Patches from the v1 series [1] that have been applied or rejected
already have been dropped.
People not Cc'd on the whole series can find the whole series at
https://lore.kernel.org/linux-man/ .
Patches:
* Patch 1 is a new (but trivial) formatting fix, unrelated to the new
prctls.
* Patches 2-3 relate to the speculation control prctls.
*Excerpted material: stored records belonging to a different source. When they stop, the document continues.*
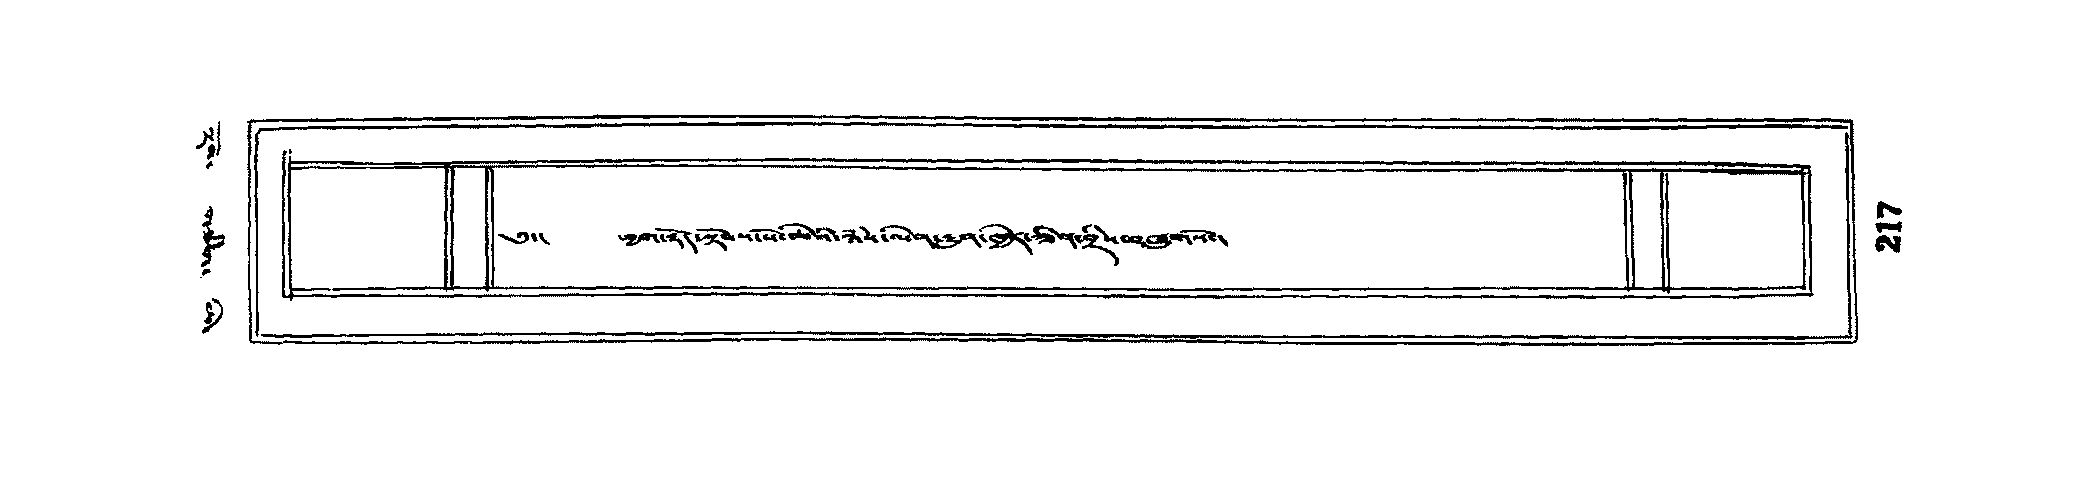༄། ཕྱག་རྡོར་སྟོབ་པོ་ཆེའི་ཉམས་ལེན་རྒྱུན་ཁྱེར་ཟིན་བྲིས་བཞུགས་སོ།།
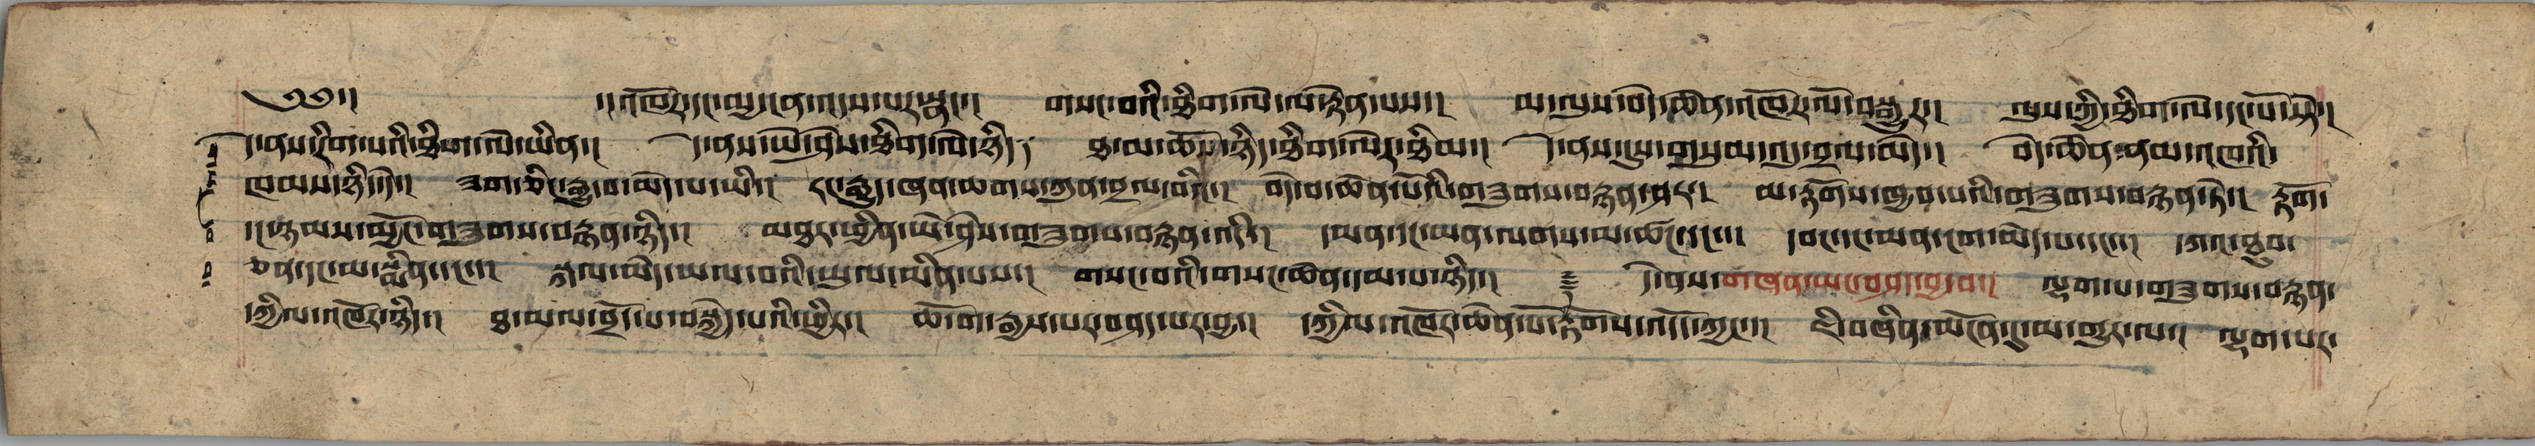༄༅་། ་།འཁོར་དང་མྱ་ངན་འདས་པར་སྣང་། གསང་བའི་ཐིག་ལེ་ལ་རྟེན་པས་། མ་ལུས་བདེ་ཆེན་འཁོར་ལོ་བསྒྱུར་། ལུས་ཀྱི་ཐིག་ལེ་དང་པོ་སྟེ་།
དེ་ནས་རིགས་པའི་ཐིག་ལེ་ཡིན་། དེ་ནས་ཡེ་ཤེས་ཐིག་ལེ་ཉིད་། ཐ་མ་ཆོས་ཉིད་ཐིག་ལེར་ཐིམ་། དེ་ནས་དུས་གསུམ་འདུ་བྲལ་མེད་། བདེ་ཆེན་ནམ་མཁའི་
ཁམས་ཉིད་དེ་། ཟག་ཅིང་རྒྱུ་བ་མེད་པ་ཡི་། རང་རྒྱུད་ཞན་ཆགས་ཀུན་བྲལ་བའི་། བདེ་བ་ཆེན་པོའི་གཟུགས་བརྙན་ཤར་། མ་རྟོགས་ཁྱབ་པའི་གཟུགས་བརྙན་ཏེ་། རྟོག་
དང་ཉམས་མྱོང་གཟུགས་བརྙན་ཉིད་། མཐར་ཕྱིན་ཡེ་ཤེས་གཟུགས་བརྙན་འདི་། དམན་དང་ཡན་ལགས་མ་ཚང་དང་་། དབང་དང་མན་ངག་མེད་པ་དང་་། དཀའ་ཐུབ་
ཅན་དང་མ་སྨིན་དང་་། སྐལ་མེད་ཡལ་བའི་ཡུལ་མིན་པས་། གསང་བའི་གསང་ཆེན་དམ་པ་ཉིད་། ࿑ དེ་ནས་གཞན་ཡང་བཤད་བྱ་བ་། ལྷག་པ་གཟུགས་བརྙན་
དཀྱིལ་འཁོར་ཉིད་། ཐ་མལ་བྲོད་པ་བསྐྱེད་པའི་ཕྱིར་། ཆོ་ག་རྒྱས་པར་བཤད་པར་བྱ་། དཀྱིལ་འཁོར་ཆེན་པོ་རྟོགས་འདོད་ཀྱང་་། ཇི་བཞིན་མངོན་དུ་མ་གྱུར་ལ་། ལྷག་པར་
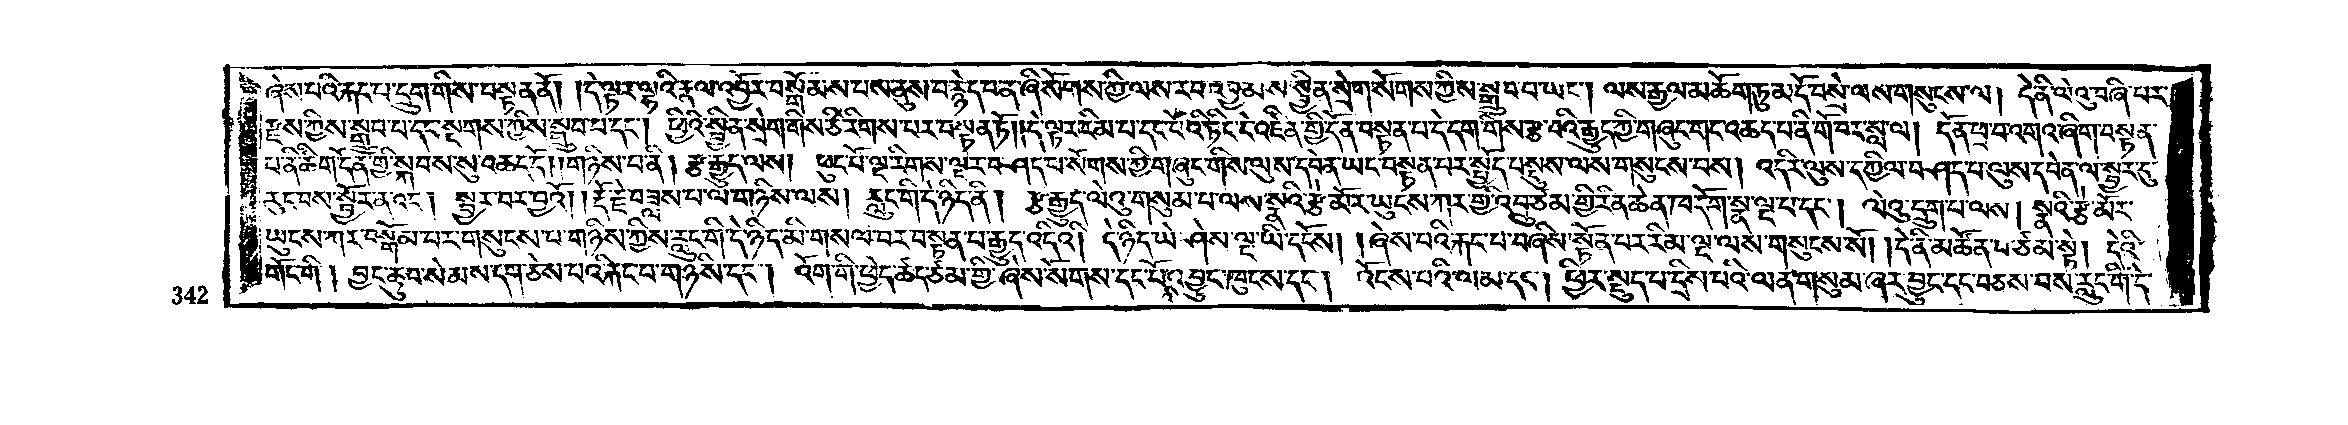ཞེས་པའི་རྐང་པ་དྲུག་གིས་བསྟན་ནོ། །དེ་ལྟར་ལྷའི་རྣལ་འབྱོར་བསྒོམས་པས་ནུས་པ་རྙེད་པ་ན་ཞི་སོགས་ཀྱི་ལས་རབ་འབྱམས་སྦྱིན་སྲེག་སོགས་ཀྱིས་སྒྲུབ་པ་ཡང་། ལས་རྒྱལ་མཆོག་ཏུ་མདོ་བསྲེ་ལས་གསུངས་ལ། དེ་ནི་ལེའུ་བཞི་པར་
རྫས་ཀྱིས་སྒྲུབ་པ་དང་སྔགས་ཀྱིས་སྒྲུབ་པ་དང་། ཕྱིའི་སྦྱིན་སྲེག་གིས་ཅི་རིགས་པར་བསྟན་ཏོ། །དེ་ལྟར་རིམ་པ་དང་པོའི་ཏིང་ངེ་འཛིན་གྱི་དོན་བསྟན་པ་དེ་དག་གིས་རྩ་བའི་རྒྱུད་ཀྱི་གཞུང་གང་འཆད་པ་ནི་གོ་བར་སླ་ལ། དོན་ཕྲ་བ་འགའ་ཞིག་བསྟན་
པ་ནི་ཚིག་དོན་གྱི་སྐབས་སུ་འཆད་དོ། །གཉིས་པ་ནི། རྩ་རྒྱུད་ལས། ཕུང་པོ་ལྔ་རིགས་ལྔར་བཤད་པ་སོགས་ཀྱི་གཞུང་གིས་ལུས་དབེན་ཡང་བསྟན་པར་སྤྱོད་བསྡུས་ལས་གསུངས་པས། འདིར་ལུས་དཀྱིལ་བཤད་པ་ལུས་དབེན་ལ་སྦྱར་དུ་
རུང་བས་སྦྱོར་ནའང་། སྦྱར་བར་བྱའོ། །རྡོ་རྗེ་བཟླས་པ་ལ་གཉིས་ལས། རླུང་གི་དེ་ཉིད་ནི། རྩ་རྒྱུད་ལེའུ་གསུམ་པ་ལས་སྣའི་རྩེ་མོར་ཡུངས་ཀར་གྱི་འབྲུ་ཙམ་གྱི་རིན་ཆེན་ཁ་དོག་སྣ་ལྔ་པ་དང་། ལེའུ་དྲུག་པ་ལས། སྣའི་རྩེ་མོར་
ཡུངས་ཀར་བསྒོམ་པར་གསུངས་པ་གཉིས་ཀྱིས་རླུང་གི་དེ་ཉིད་མི་གསལ་བར་བསྟན་པ་རྒྱུད་འདིའི། དེ་ཉིད་ཡེ་ཤེས་ལྔ་ཡི་དངོས། །ཞེས་པའི་རྐང་པ་བཞིས་སྟོན་པར་རིམ་ལྔ་ལས་གསུངས་སོ། །དེ་ནི་མཚོན་པ་ཙམ་སྟེ། དེའི་
གོང་གི །བྱང་ཆུབ་སེམས་དག་ཅེས་པའི་རྐང་པ་གཉིས་དང་། འོག་གི་ཕྱེད་ཚད་ཙམ་གྱི་ཞེས་སོགས་དང་པོའི་འབྱུང་ཁུངས་དང་། འོངས་པའི་ལམ་དང་། ཕྱིར་སྡུད་པ་དྲིས་པའི་ལན་གསུམ་ཞར་བྱུང་དང་བཅས་པས་རླུང་གི་དེ་
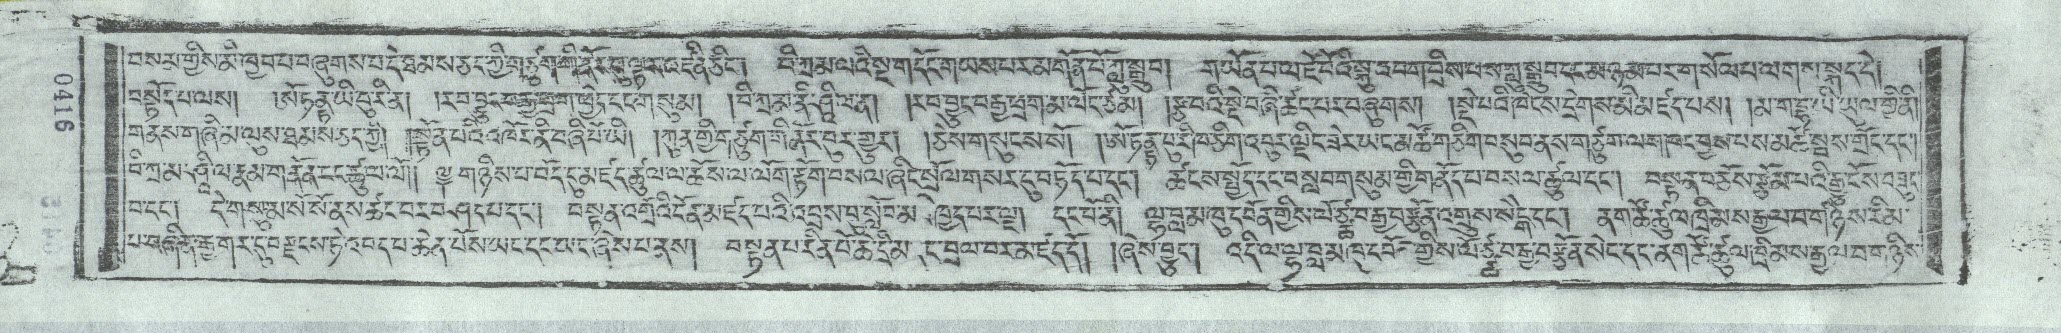བསམ་གྱིས་མི་ཁྱབ་པ་བཞུགས་པ་དེ་ཐམས་ཅད་ཀྱི་གཙུག་གི་ནོར་བུ་ལྟར་འཛིན་ཅིང་། བི་ཀྲ་མ་ལའི་སྔ་གདོང་གཡས་པར་མགོན་པོ་ཀླུ་སྒྲུབ། གཡོན་པ་ལ་ཇོ་བོའི་སྐུ་འབག་བྲིས་པས་ཀླུ་སྒྲུབ་དང་མཉམ་པར་གསོལ་པ་ལགས་སྐད་དེ།
བསྟོད་པ་ལས། ཨོ་ཏནྟ་ཡི་བུ་རིན། །རབ་བྱུང་བརྒྱ་ཕྲག་ཕྱེད་དང་གསུམ། །བི་ཀྲ་མ་ནི་ཤཱི་ལན། །རབ་བྱུང་བརྒྱ་ཕྲག་མ་ལོང་ཙམ། །རྩ་བའི་སྡེ་བཞི་ཚང་པར་བཞུགས། །སྡེ་པའི་ཁངས་དྲེགས་མི་མཛད་པས། །མ་ག་དྷ་ཡི་ཡུལ་གྱི་ནི།
གནས་གཞི་མ་ལུས་ཐམས་ཅད་ཀྱི། །སྟོན་པའི་འཁོར་ནི་བཞི་པོ་ཡི། །ཀུན་གྱི་གཙུག་གི་ནོར་བུར་གྱུར། །ཅེས་གསུངས་སོ། །ཨོ་ཏནྟ་པུ་རི་ཁ་ཅིག་འབུར་ལྡིང་ཟེར་ཡང་མཚོ་གཅིག་བསུབ་ནས་གཙུག་ལག་ཁང་བྱས་པས་མཚོ་སྦས་གྲོད་དང་།
བི་ཀྲ་མ་ཤཱི་ལ་རྣམ་གནོན་ངང་ཚུལ་ལོ།། ༈ གཉིས་པ་བོད་དུ་མཛད་ཚུལ་ལ་ཆོས་ལ་ལོག་རྟོག་བསལ་ཞིང་སྲོལ་གསར་དུ་བཏོད་པ་དང་། ཚངས་སྤྱོད་དང་བསླབ་གསུམ་གྱི་གནོད་པ་བསལ་ཚུལ་དང་། བསྟན་བཅོས་རྩོམ་པའི་རྒྱུ་ངོས་བཟུང་
བ་དང་། དེ་གསུམ་སོ་སོ་ནས་ཚང་བར་བཤད་པ་དང་། བསྟན་འགྲོའི་དོན་མཛད་པའི་འབྲས་བུ་སློབ་མ་མཁྱེད་པར་ལྔ། དང་པོ་ནི། ལྷ་བླ་མ་ཁུ་དབོན་གྱིས་ལོ་ཙྪ་བ་རྒྱ་བརྩོན་འགྲུས་སེངྒེ་དང་། ནག་ཚོ་ཚུལ་ཁྲིམས་རྒྱལ་བ་གཉིས་རིམ་
པ་བཞིན་རྒྱ་གར་དུ་བརྫངས་ཏེ་འབད་པ་ཆེན་པོས་ཡང་དང་ཡང་ཞེས་པ་ནས། བསྟན་པ་རིན་པོ་ཆེ་དྲི་མ་དང་བྲལ་བར་མཛད་དོ། །ཞེས་བྱུང་། འདི་ལ་ལྷ་བླ་མ་ཁུང་བོར་གྱིས་ལོ་ཙྪ་བ་རྒྱ་བརྩོན་སེང་དང་ནག་ཚོ་ཚུལ་ཁྲིམས་རྒྱལ་བ་གཉིས་
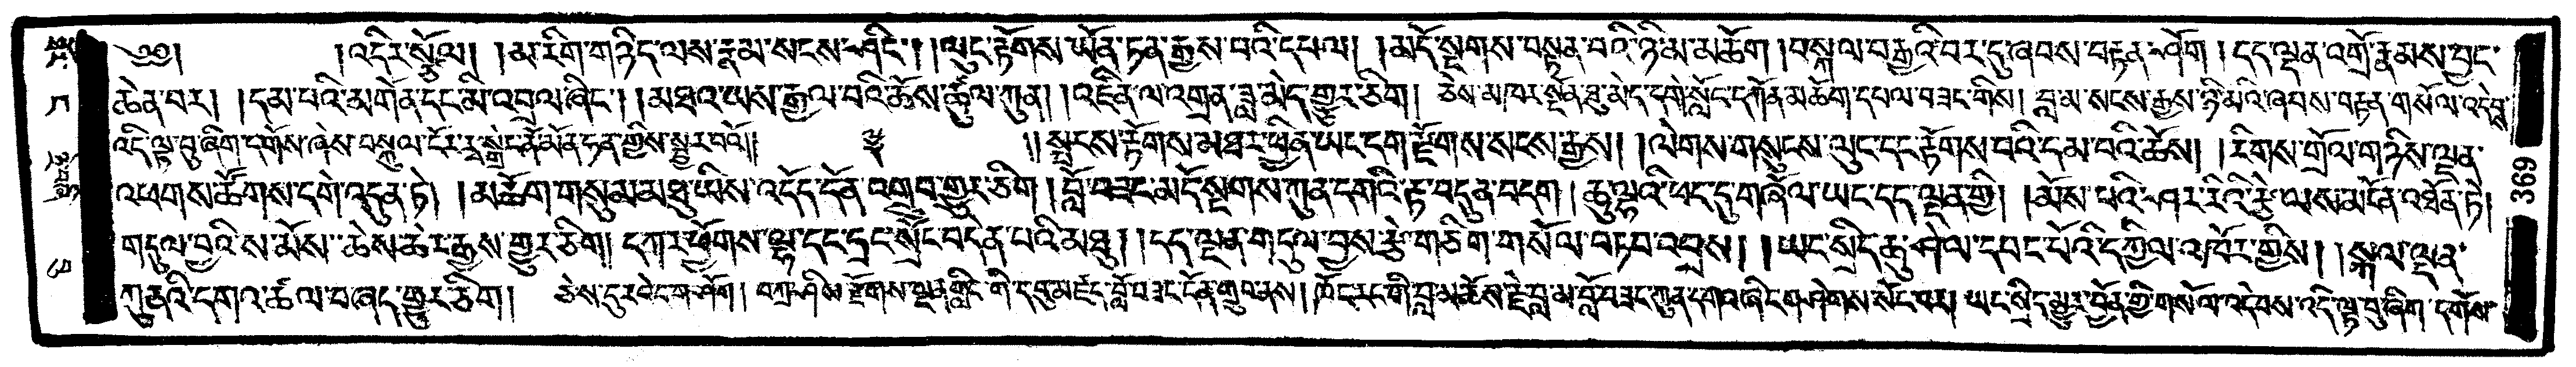༄༅། །འདིར་སྩོལ། །མ་རིག་གཉིད་ལས་རྣམ་སངས་ཤིང་། །ལུང་རྟོགས་ཡོན་ཏན་རྒྱས་པའི་དཔལ། །མདོ་སྔགས་བསྟན་པའི་ཉི་མ་མཆོག །བསྐལ་བརྒྱའི་བར་དུ་ཞབས་བརྟན་ཤོག །དད་ལྡན་འགྲོ་རྣམས་བྱང་
ཆེན་བར། །དམ་པའི་མགོན་དང་མི་འབྲལ་ཞིང་། །མཐའ་ཡས་རྒྱལ་བའི་ཆོས་ཚུལ་ཀུན། །འཛིན་ལ་འགྲན་ཟླ་མེད་གྱུར་ཅིག །ཅེས་མཁར་སྔོན་ཐུ་མེད་དགེ་སློང་དཀོན་མཆོག་དཔལ་བཟང་གིས། བླ་མ་སངས་རྒྱས་ཉི་མའི་ཞབས་བརྟན་གསོལ་འདེབས་
འདི་ལྟ་བུ་ཞིག་དགོས་ཞེས་བསྐུལ་ངོར་རྭ་སྒྲེང་ནོ་མོན་ཧན་གྱིས་སྦྱར་བའོ།། ༈ །།སྤངས་རྟོགས་མཐར་ཕྱིན་ཡང་དག་རྫོགས་སངས་རྒྱས། །ལེགས་གསུངས་ལུང་དང་རྟོགས་པའི་དམ་པའི་ཆོས། །རིགས་གྲོལ་གཉིས་ལྡན་
འཕགས་ཚོགས་དགེ་འདུན་ཏེ། །མཆོག་གསུམ་མཐུ་ཡིས་འདོད་དོན་འགྲུབ་གྱུར་ཅིག །བློ་བཟང་མདོ་སྔགས་ཀུན་དགའི་རྟ་བདུན་བདག །ཆུ་ལྷའི་ཕང་དུ་གཞོལ་ཡང་དད་ལྡན་གྱི། །མོས་པའི་ཤར་རིའི་རྩེ་ལས་མངོན་འཐོན་ཏེ།
གདུལ་བྱའི་ས་མོས་ཆེས་ཆེར་རྒྱས་གྱུར་ཅིག །དཀར་ཕྱོགས་ལྷ་དང་དྲང་སྲོང་བདེན་པའི་མཐུ། །དད་ལྡན་གདུལ་བྱས་རྩེ་གཅིག་གསོལ་བཏབ་འབྲས། །ཡང་སྲིད་ཆུ་ཤེལ་དབང་པོའི་དཀྱིལ་འཁོར་གྱིས། །སྐལ་ལྡན་
ཀུནའི་དགའ་ཚལ་བཞད་གྱུར་ཅིག །ཅེས་དུར་བེད་གཤོག །བཀྲ་ཤིས་རྫོགས་ལྡན་གླིང་གི་དབུ་མཛད་བློ་བཟང་དོན་གྲུབ་ནས། ཁོང་རང་གི་བླ་མ་ཆོས་རྗེ་བླ་མ་བློ་བཟང་ཀུན་དགའ་ཞིང་གཤེགས་སོང་བར། ཡང་སྲིད་མྱུར་བྱོན་གྱི་གསོལ་འདེབས་འདི་ལྟ་བུ་ཞིག་དགོས་

These are
unmodified from v1, but need review.
* Patches 4-5 relate to the arm64 prctls from v1, with reviewer
feedback incorporated. (See notes in the patches.)
* Patch 6 is *draft* wording for the arm64 address tagging prctls.
The semantics of address tagging is particularly slippery, so
this needs discussion before merging.
[1] https://lore.kernel.org/linux-man/29a02b16-dd61-6186-1340-fcc7d5225ad0@gmail.com/T/#t
Dave Martin (6):
prctl.2: ffix use literal hyphens when referencing kernel docs
prctl.2: Add PR_SPEC_INDIRECT_BRANCH for SPECULATION_CTRL prctls
prctl.2: Add PR_SPEC_DISABLE_NOEXEC for SPECULATION_CTRL prctls
prctl.2: Add SVE prctls (arm64)
prctl.2: Add PR_PAC_RESET_KEYS (arm64)
prctl.2: Add tagged address ABI control prctls (arm64)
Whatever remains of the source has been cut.